I am trying to solve the following problem:
I have to admit I am completly stuck and don't even know where to start. The notes I am reading introduce $E_{1}\oplus E_{1}$ rather briefly. I had a look at Lee's books and I found a short discussion about the direct sum of two vector bundles. I think I am fine with $E_{1}\oplus E_{1}$ being a vector bundle and that a connection on $E_{1}\oplus E_{1}$ can be defined by $\nabla:=\nabla_{1}\oplus\nabla_{2}$. What puzzles me is the matrix representation of a connection. We never talked about anything like a correspondence between connections and matrices. Furthermore forms are introduced in the next chapter. Yet two entries are forms. I guess, since they are 1-forms, they are "only" linear maps.

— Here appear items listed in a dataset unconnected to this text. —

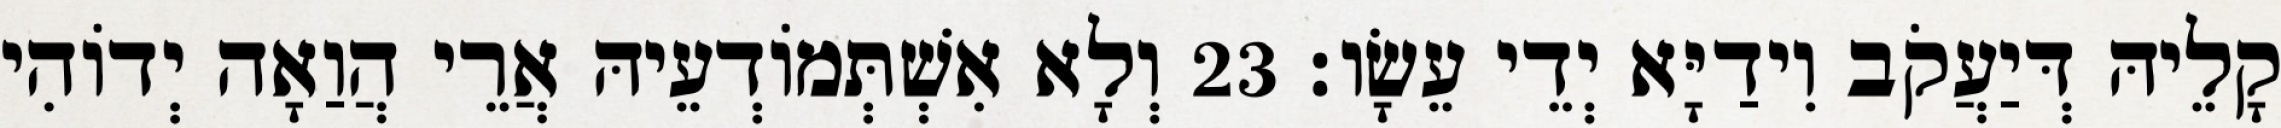
קָלֵיהּ דְּיַעֲקֹב וִידַיָּא יְדֵי עֵשָׂו׃ 23 וְלָא אִשְׁתְּמוֹדְעֵיהּ אֲרֵי הֲוַאָה יְדוֹהִי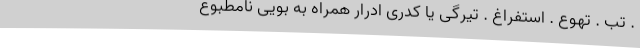
. تب . تهوع . استفراغ . تیرگی یا کدری ادرار همراه به بویی نامطبوع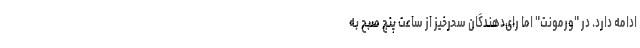
ادامه دارد. در "ورمونت" اما رای‌دهندگان سحرخیز از ساعت پنج صبح به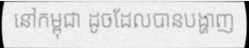
នៅកម្ពុជា ដូចដែលបានបង្ហាញ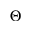
\Theta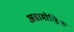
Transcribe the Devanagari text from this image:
अब्रामोव्हिक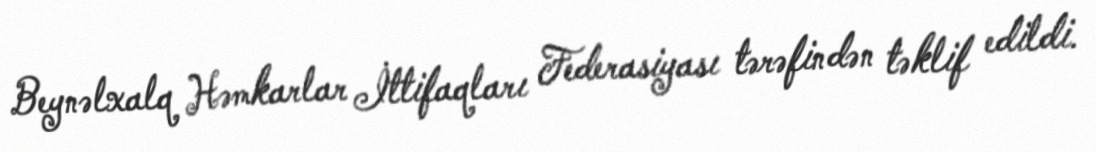
Beynəlxalq Həmkarlar İttifaqları Federasiyası tərəfindən təklif edildi.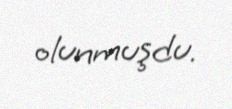
olunmuşdu.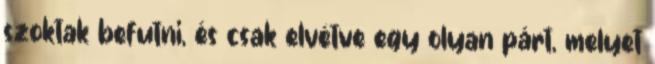
szoktak befutni, és csak elvétve egy olyan párt, melyet

I would really appreciate some tips or source where I can look it up or that explains this "correspondence" so that I can solve the problem myself.
Many thanks in advance!
If $\nabla$ and $\nabla'$ are connections on $E$, then their difference $\nabla - \nabla'$ is an "endomorphism-valued $1$-form" $B \in \Omega^1(M,\mathrm{End}(E))$. If $E=E_1 \oplus E_2$ then we can define the connection $\nabla^1$ by
$$ \nabla^1_X(s_1) = \mathrm{pr}_1 \nabla_X(s_1) $$
for a (local) section $s_1$ of $E_1$, where $\mathrm{pr}_1 \colon E \to E_1$ is the projection defined by the direct sum. You can do the same for $\nabla^2$. Then $\nabla-\nabla^1-\nabla^2$ is an endomorphism-valued $1$-form on $E$, and taking a look at the definition you see that
$$ \tilde{A}_X(s_1) = \mathrm{pr}_2 \nabla_X(s_1) .$$